Figuring out potential pitfalls
Beyond platform-specific sequencing errors, there is also a need to systematically study other potential pitfalls of single-cell isoform analysis.
"We have to answer serious questions about biases that might be creeping in when using the single-molecule sequencing tools for single cells," Timp said. "I don't think that people have done thorough controlled studies to see … what we might be missing or what other biases might be happening."
"This is something we have been dealing with," said Vollmers. "If long-read sequencing, PacBio or ONT, is the only way to sequence a full-length transcript, how would you validate that that transcript is real?"
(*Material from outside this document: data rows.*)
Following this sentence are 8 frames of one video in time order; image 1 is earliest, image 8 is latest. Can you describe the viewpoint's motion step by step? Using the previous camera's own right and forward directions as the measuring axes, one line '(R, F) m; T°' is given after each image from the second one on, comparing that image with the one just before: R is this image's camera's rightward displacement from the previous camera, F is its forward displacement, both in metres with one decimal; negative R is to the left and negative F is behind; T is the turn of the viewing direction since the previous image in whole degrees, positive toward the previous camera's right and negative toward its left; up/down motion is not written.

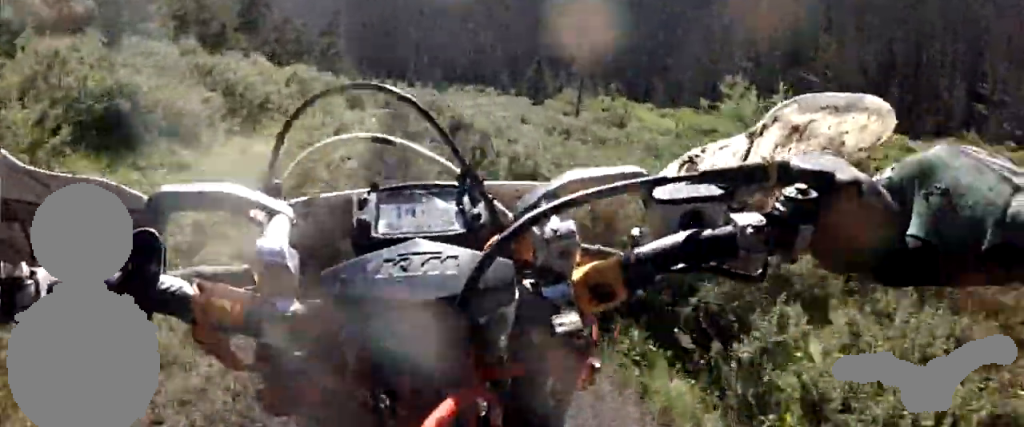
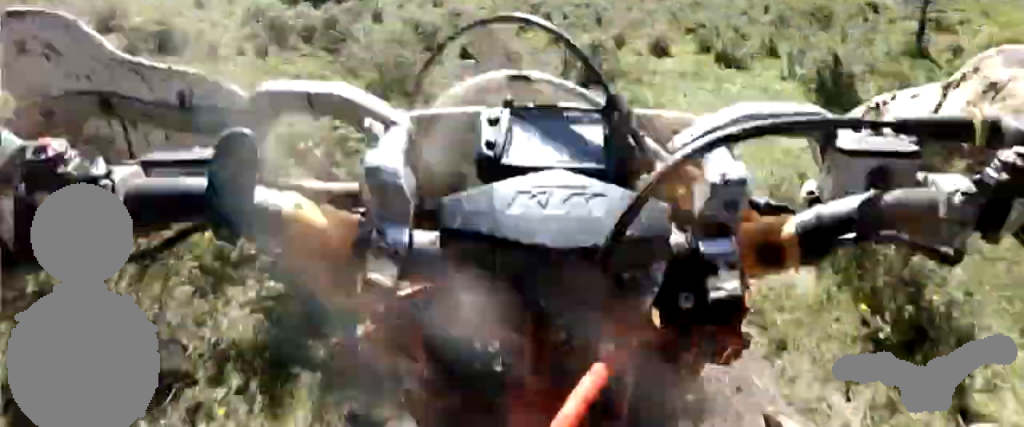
(+0.5, +18.2) m; +2°
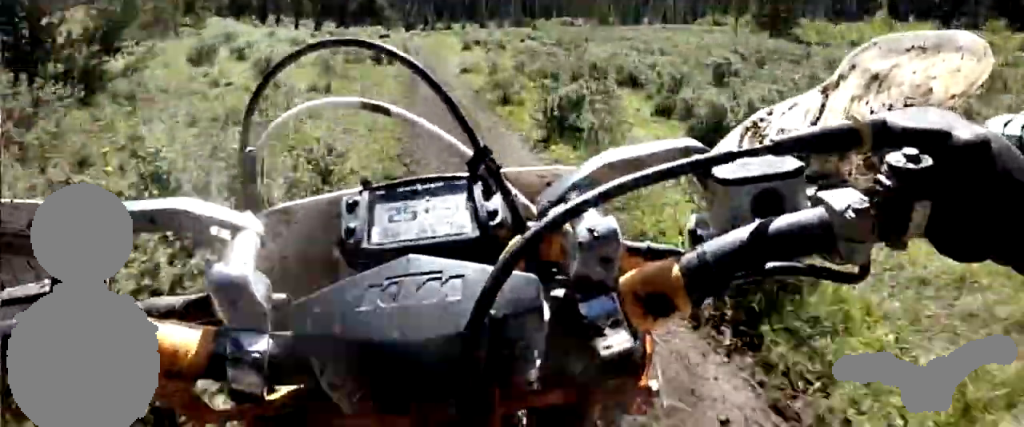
(0.0, +12.3) m; 0°
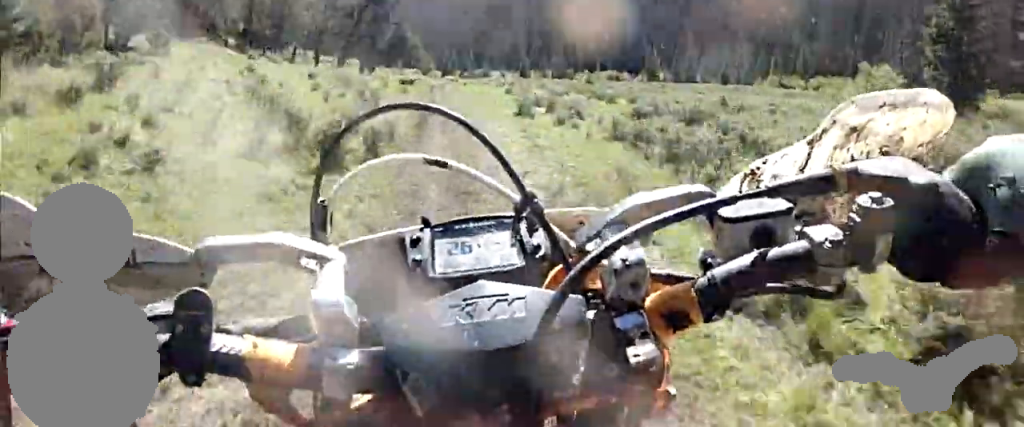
(0.0, +7.9) m; 0°
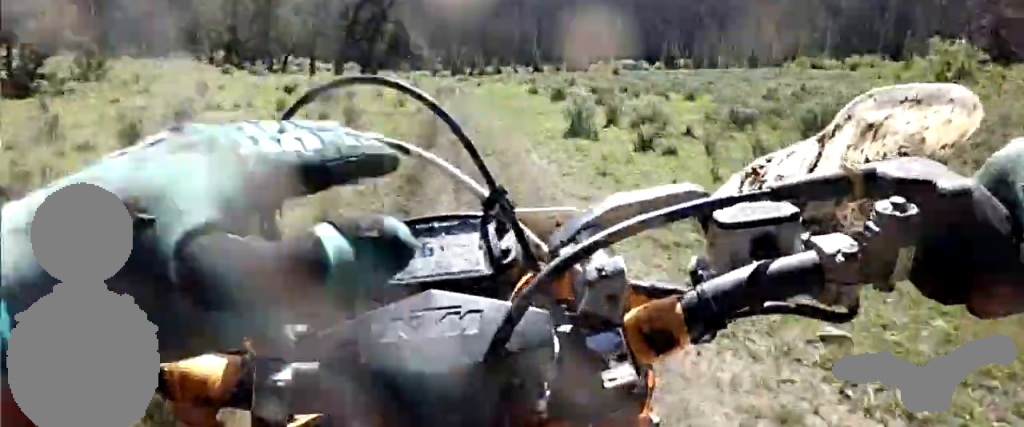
(0.0, +5.1) m; -1°
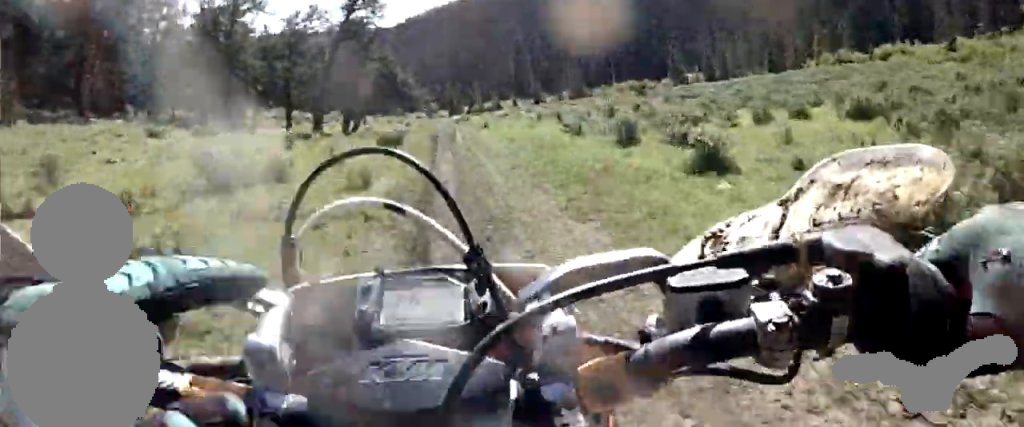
(+0.1, +7.2) m; -2°
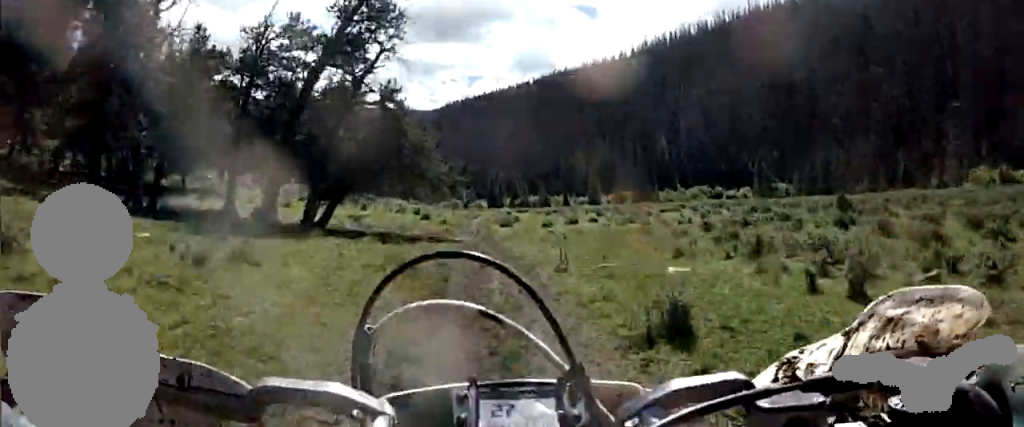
(-0.8, +19.4) m; -3°
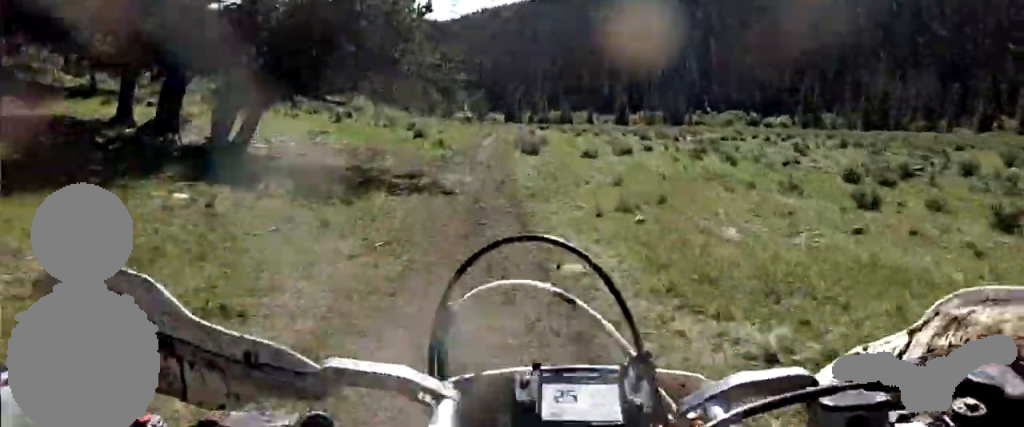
(0.0, +11.0) m; 0°
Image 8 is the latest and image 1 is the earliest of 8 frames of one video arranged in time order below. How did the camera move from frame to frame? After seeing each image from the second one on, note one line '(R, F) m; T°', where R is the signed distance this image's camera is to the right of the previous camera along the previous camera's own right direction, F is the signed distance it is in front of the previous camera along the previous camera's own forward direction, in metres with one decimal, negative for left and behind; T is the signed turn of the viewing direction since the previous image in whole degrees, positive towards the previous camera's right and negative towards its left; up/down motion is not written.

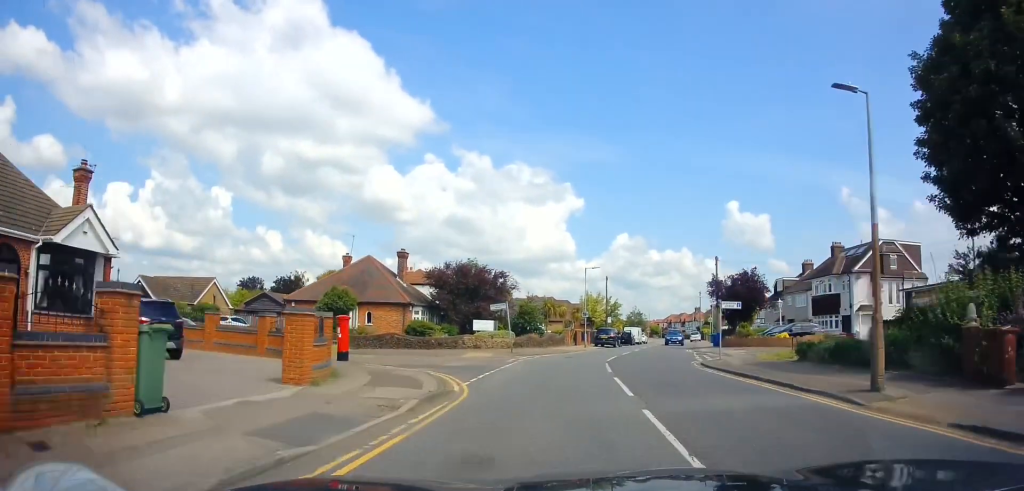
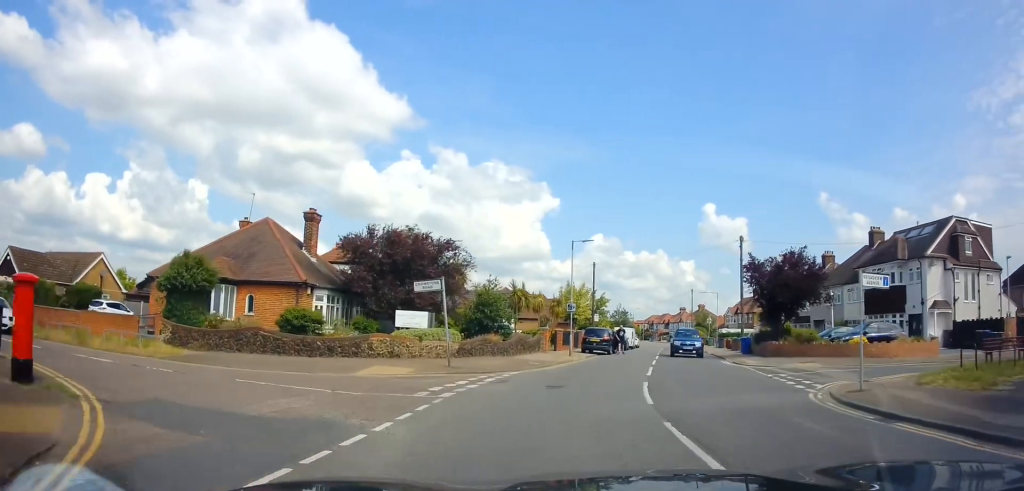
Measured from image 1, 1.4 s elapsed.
(0.0, +12.7) m; 0°
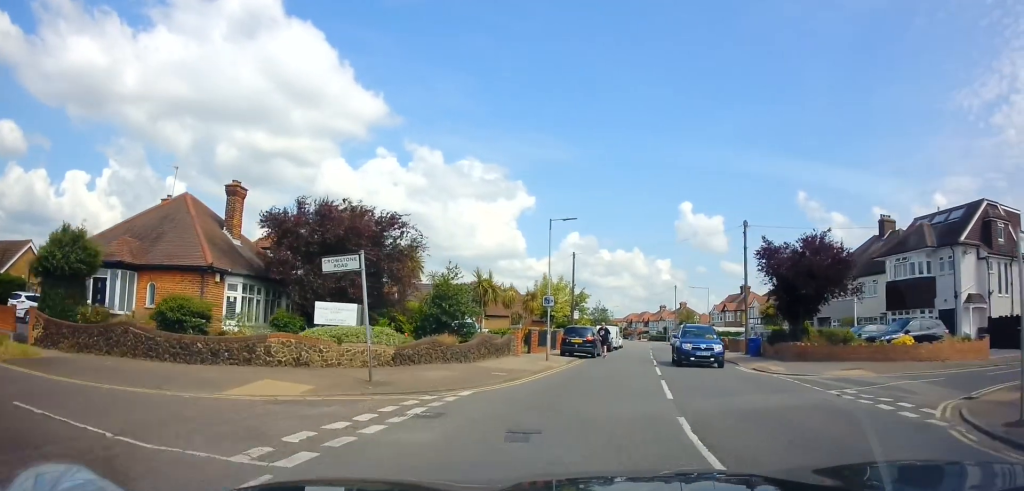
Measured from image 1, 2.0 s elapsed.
(0.0, +5.9) m; +1°
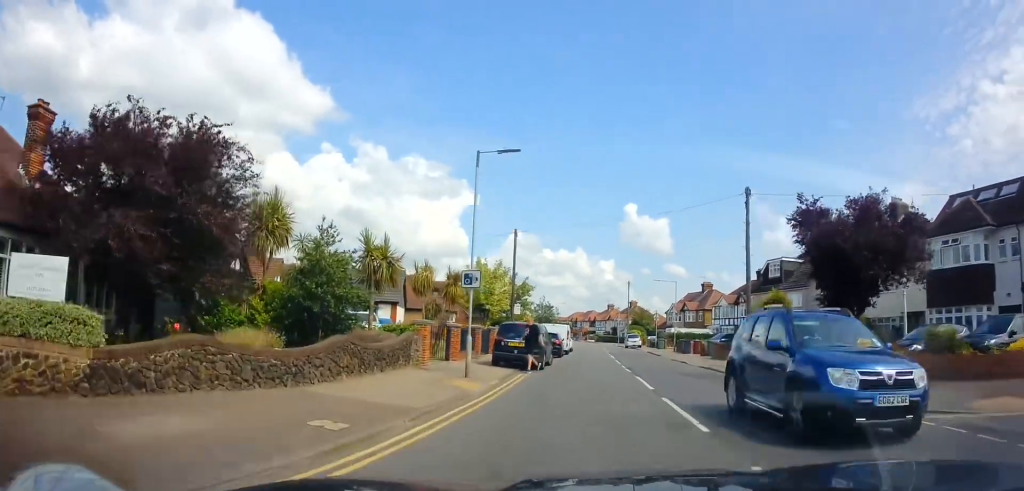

Efforts in the community are underway, however, to help bridge this knowledge gap. For instance, a group of investigators, including Vollmers, have formed the Long-read RNA-Seq Genome Annotation Assessment Project (LRGASP) consortium.
Led by UC Santa Cruz professor Angela Brooks, LRGASP hopes to conquer the challenges of long-read sequencing for transcriptomics analysis by looking at different parts of the workflow, such as library preparation, sequencing platform, and computational analysis tools. Preliminary results are currently available on the Nature Methods server as a registered report.
By proceeding cautiously and methodically, researchers who are early adopters of single-cell RNA isoform analysis are hoping to lay the groundwork for uptake by the broader community as the field continues to thrive.
"We have established that this works," Vollmers said. "Once the technology is stable enough, then labs can just pick it up – that's when it gets really exciting."